Aim of the task. Repeat every entry exactly as it stands. Omit the images.

Excerpts from a dataset:

****

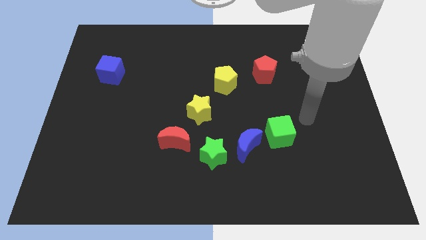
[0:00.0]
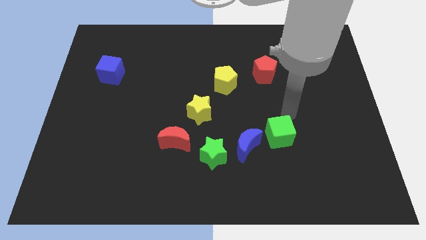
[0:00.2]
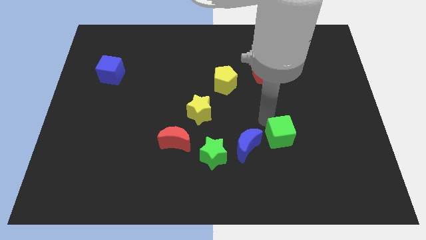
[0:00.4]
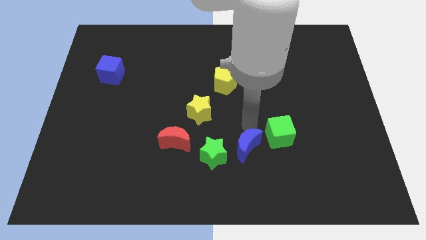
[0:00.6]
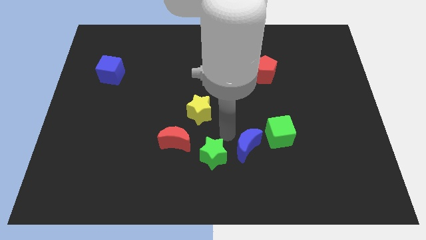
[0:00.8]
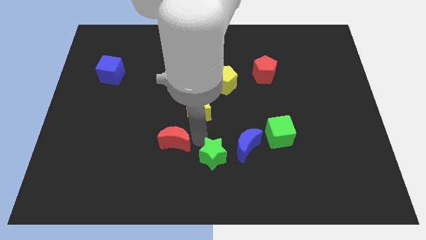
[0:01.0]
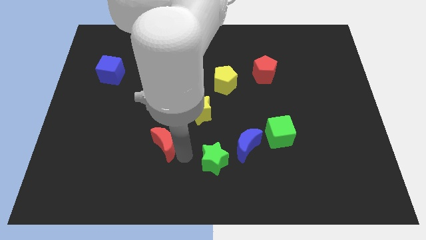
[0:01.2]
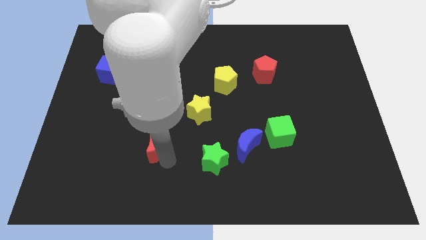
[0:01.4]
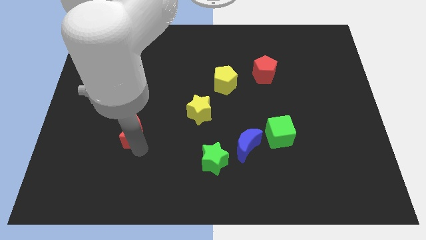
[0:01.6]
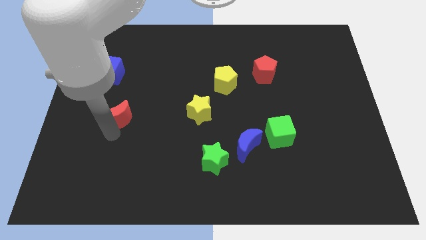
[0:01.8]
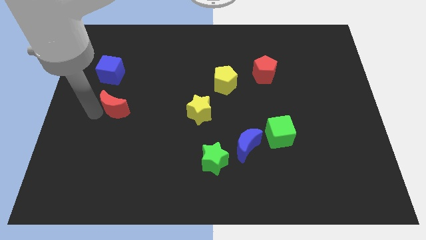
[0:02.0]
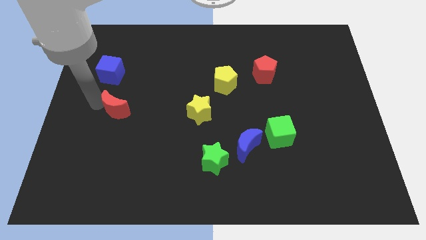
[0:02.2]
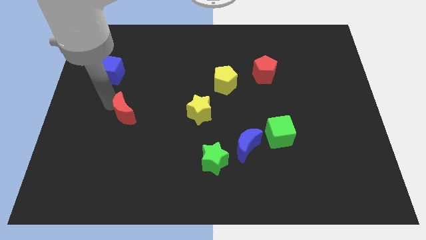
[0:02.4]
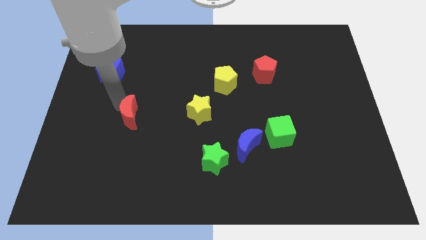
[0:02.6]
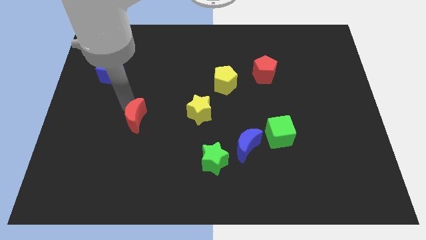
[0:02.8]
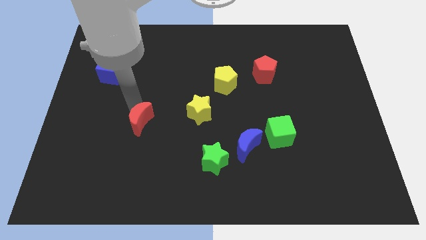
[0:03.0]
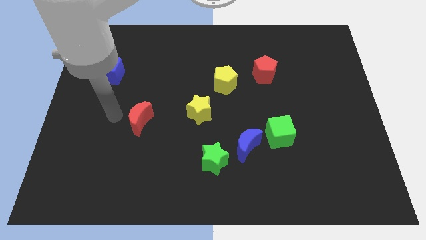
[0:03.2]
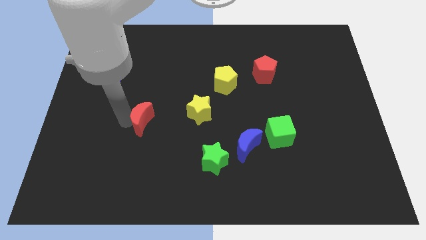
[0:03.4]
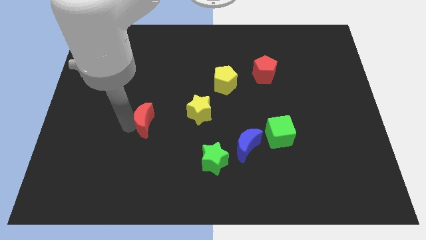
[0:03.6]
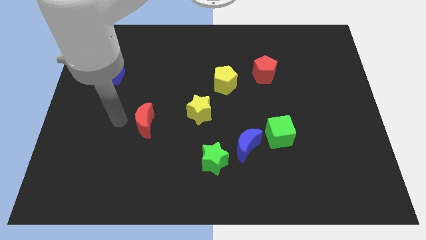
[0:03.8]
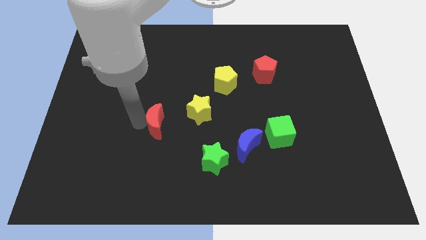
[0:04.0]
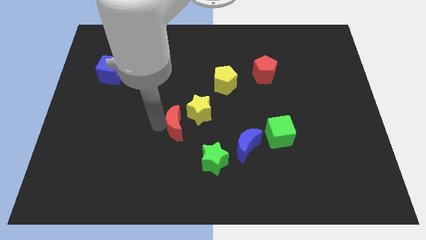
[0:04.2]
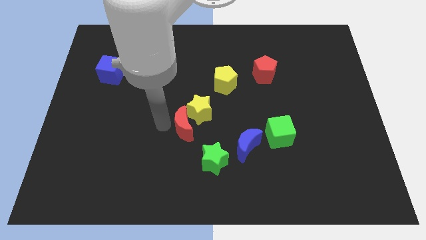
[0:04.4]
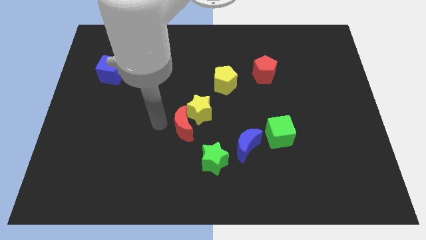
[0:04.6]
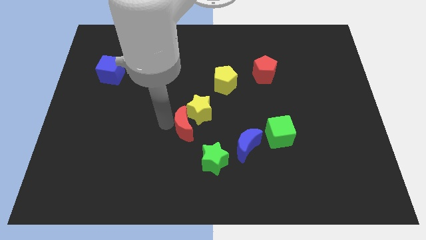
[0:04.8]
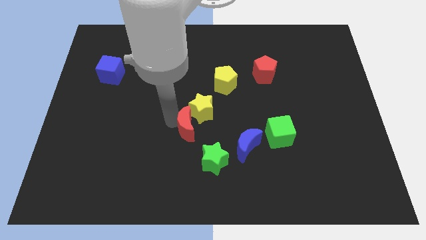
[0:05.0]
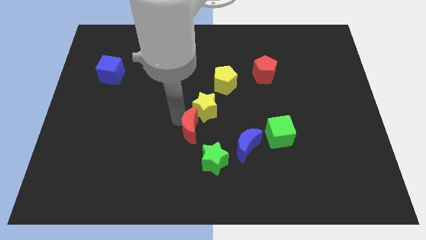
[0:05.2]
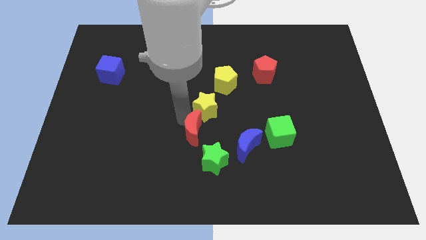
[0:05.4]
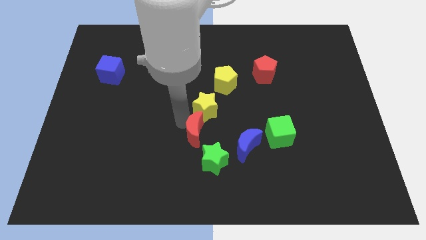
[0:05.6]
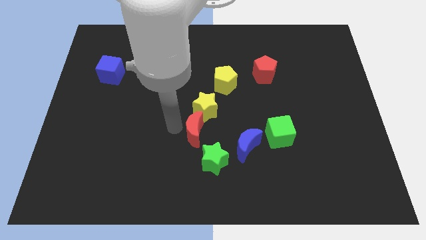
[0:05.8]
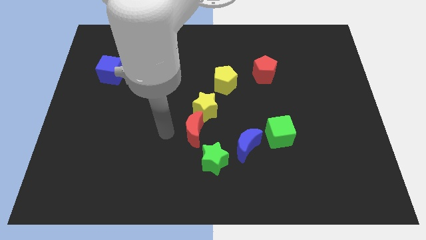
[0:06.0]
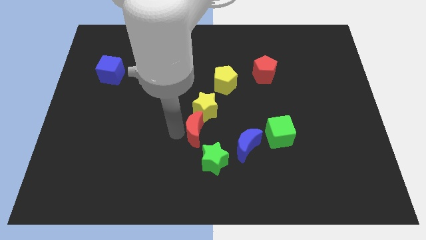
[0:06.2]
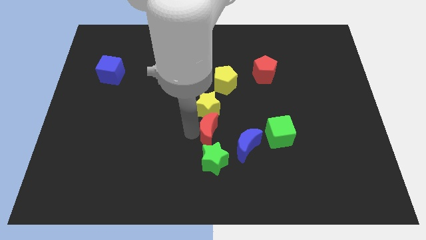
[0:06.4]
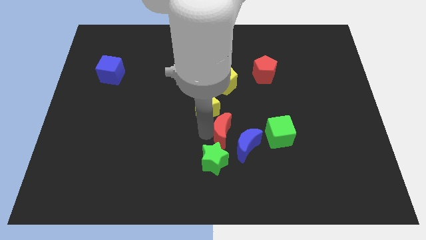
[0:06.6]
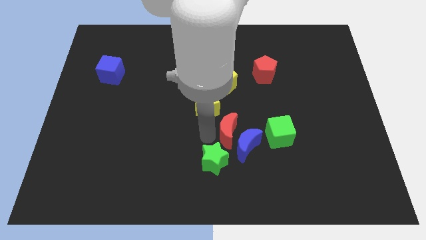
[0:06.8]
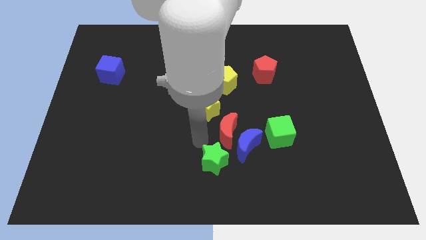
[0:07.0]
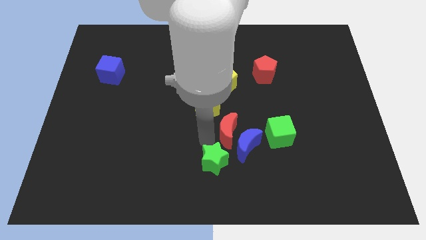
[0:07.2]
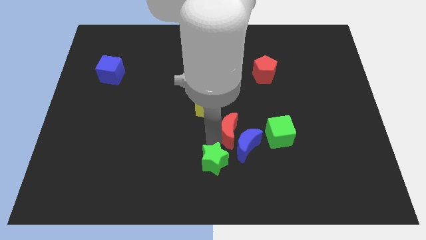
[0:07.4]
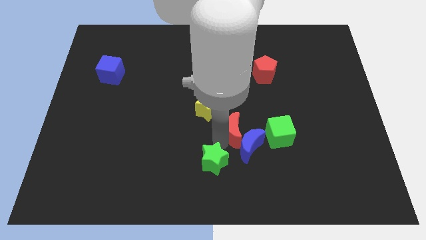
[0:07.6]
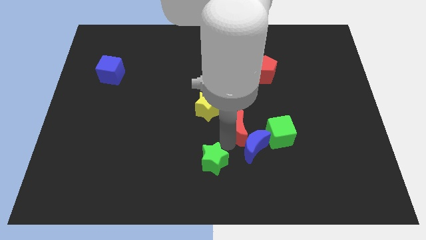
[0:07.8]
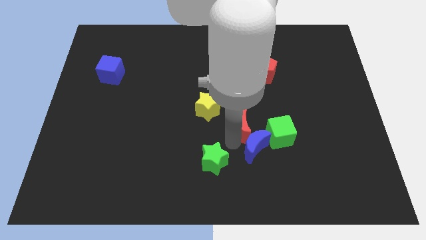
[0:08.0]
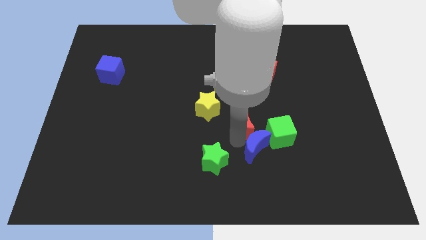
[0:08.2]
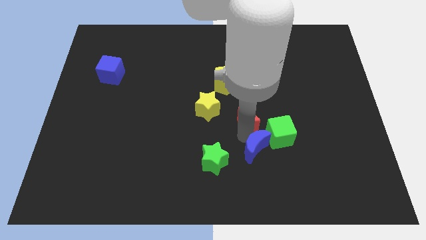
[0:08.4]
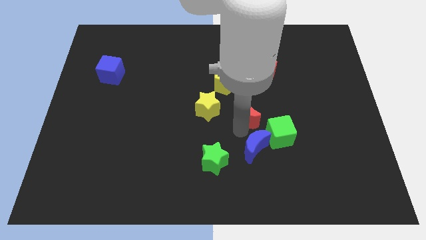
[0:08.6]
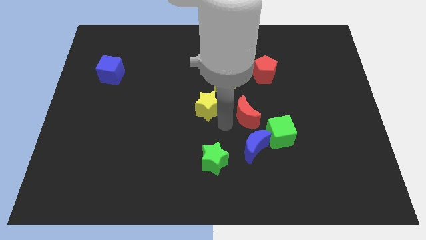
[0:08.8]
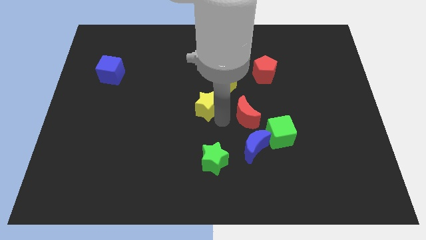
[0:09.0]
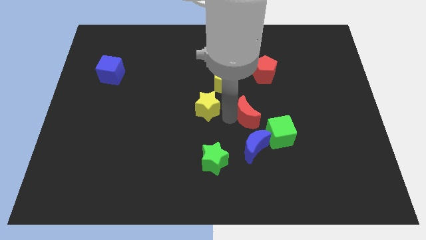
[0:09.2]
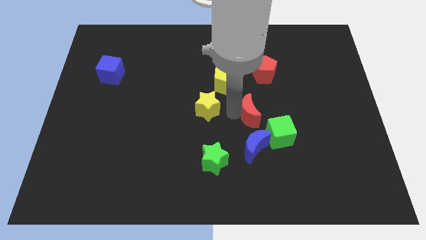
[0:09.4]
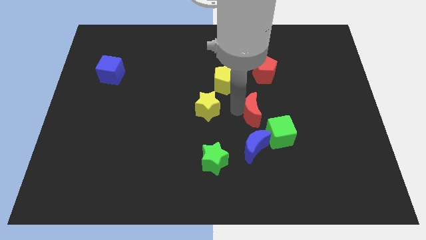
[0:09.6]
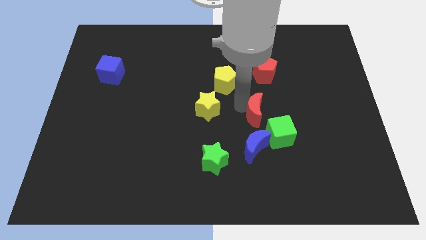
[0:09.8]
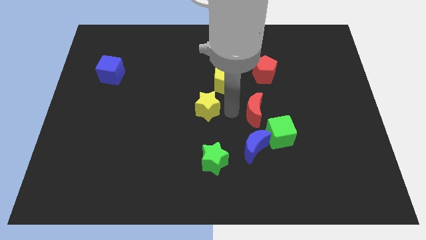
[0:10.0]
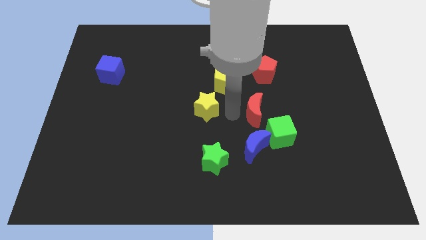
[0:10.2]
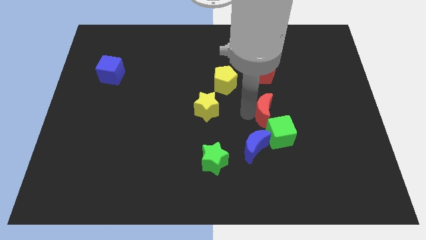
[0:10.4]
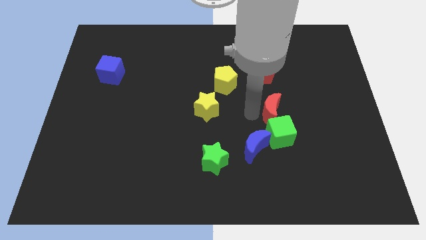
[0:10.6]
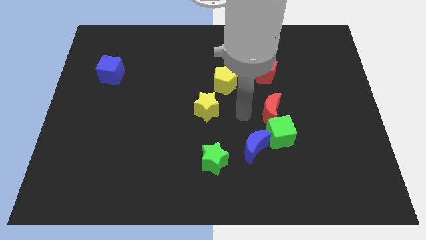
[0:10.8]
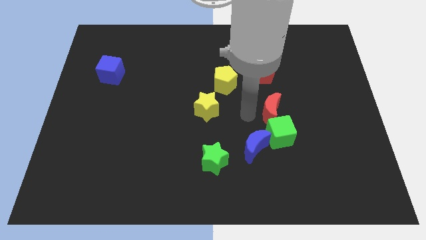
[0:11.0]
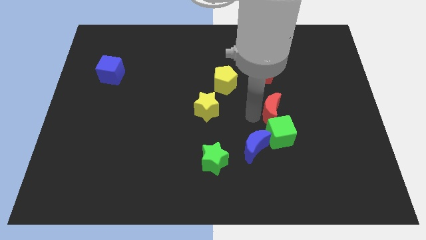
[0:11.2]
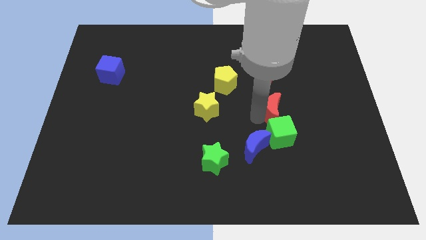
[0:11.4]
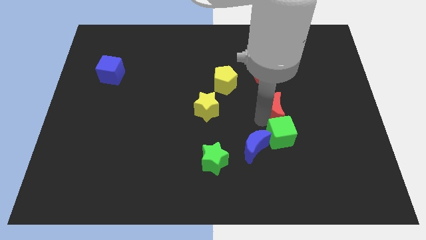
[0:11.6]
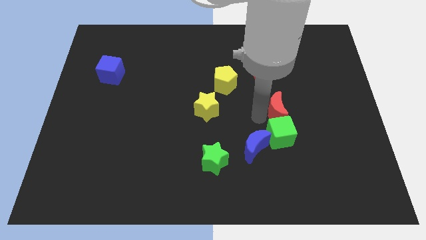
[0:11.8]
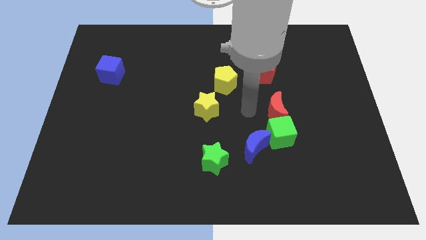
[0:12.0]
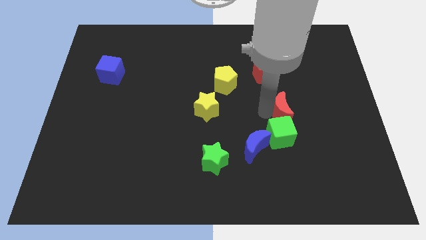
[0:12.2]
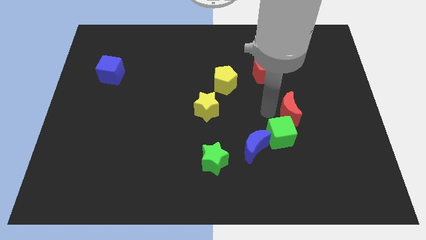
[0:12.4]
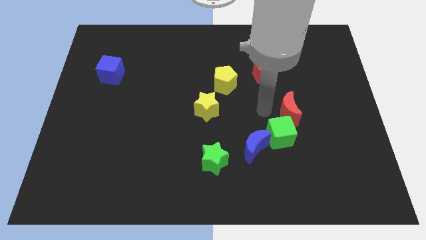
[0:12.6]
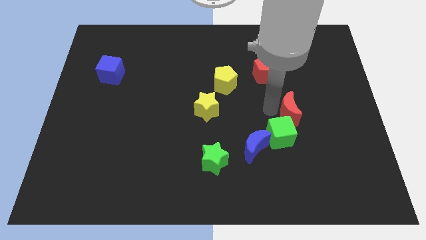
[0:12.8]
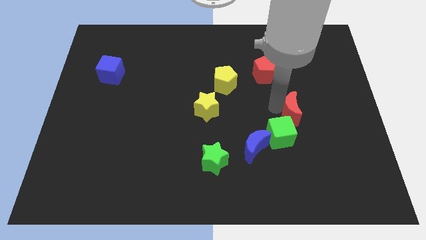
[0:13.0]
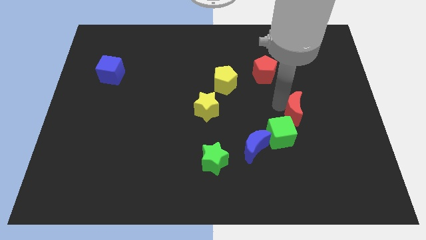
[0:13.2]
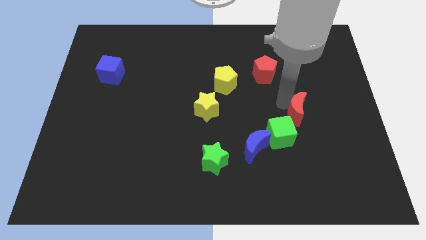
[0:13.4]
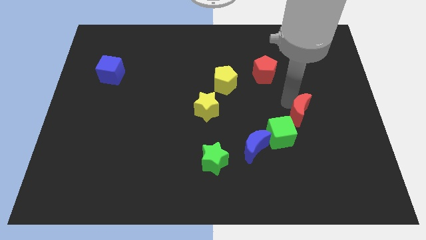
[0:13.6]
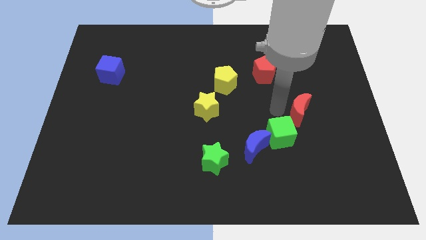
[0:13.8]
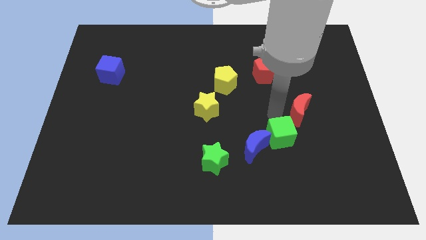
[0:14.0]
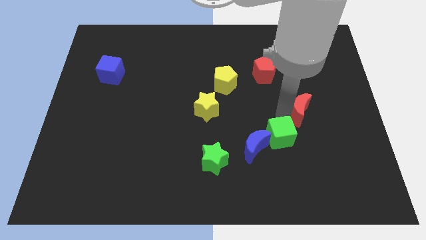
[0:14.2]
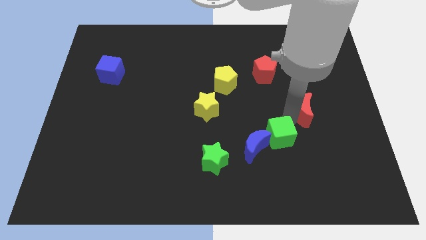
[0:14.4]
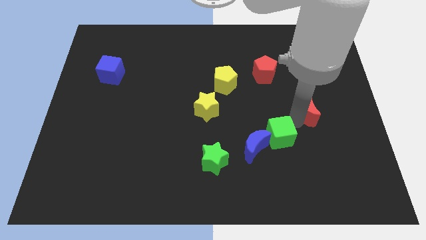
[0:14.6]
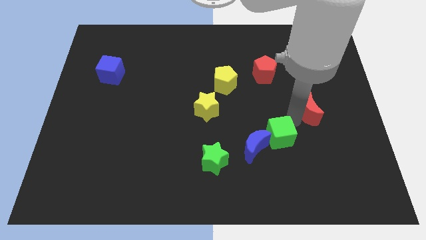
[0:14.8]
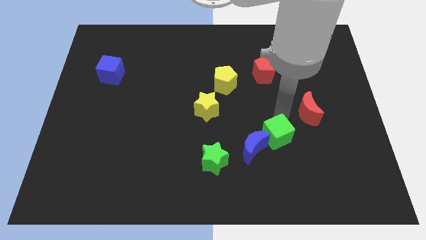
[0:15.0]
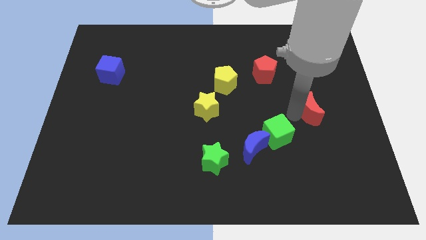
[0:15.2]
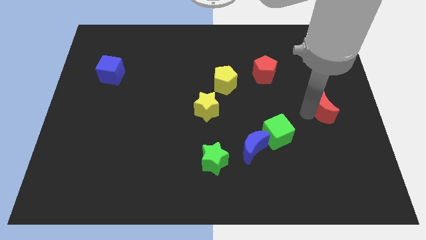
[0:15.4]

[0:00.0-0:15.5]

****

Answer box.
[0:00.0]
[0:00.2]
[0:00.4]
[0:00.6]
[0:00.8]
[0:01.0]
[0:01.2]
[0:01.4]
[0:01.6]
[0:01.8]
[0:02.0]
[0:02.2]
[0:02.4]
[0:02.6]
[0:02.8]
[0:03.0]
[0:03.2]
[0:03.4]
[0:03.6]
[0:03.8]
[0:04.0]
[0:04.2]
[0:04.4]
[0:04.6]
[0:04.8]
[0:05.0]
[0:05.2]
[0:05.4]
[0:05.6]
[0:05.8]
[0:06.0]
[0:06.2]
[0:06.4]
[0:06.6]
[0:06.8]
[0:07.0]
[0:07.2]
[0:07.4]
[0:07.6]
[0:07.8]
[0:08.0]
[0:08.2]
[0:08.4]
[0:08.6]
[0:08.8]
[0:09.0]
[0:09.2]
[0:09.4]
[0:09.6]
[0:09.8]
[0:10.0]
[0:10.2]
[0:10.4]
[0:10.6]
[0:10.8]
[0:11.0]
[0:11.2]
[0:11.4]
[0:11.6]
[0:11.8]
[0:12.0]
[0:12.2]
[0:12.4]
[0:12.6]
[0:12.8]
[0:13.0]
[0:13.2]
[0:13.4]
[0:13.6]
[0:13.8]
[0:14.0]
[0:14.2]
[0:14.4]
[0:14.6]
[0:14.8]
[0:15.0]
[0:15.2]
[0:15.4]

[0:00.0-0:15.5]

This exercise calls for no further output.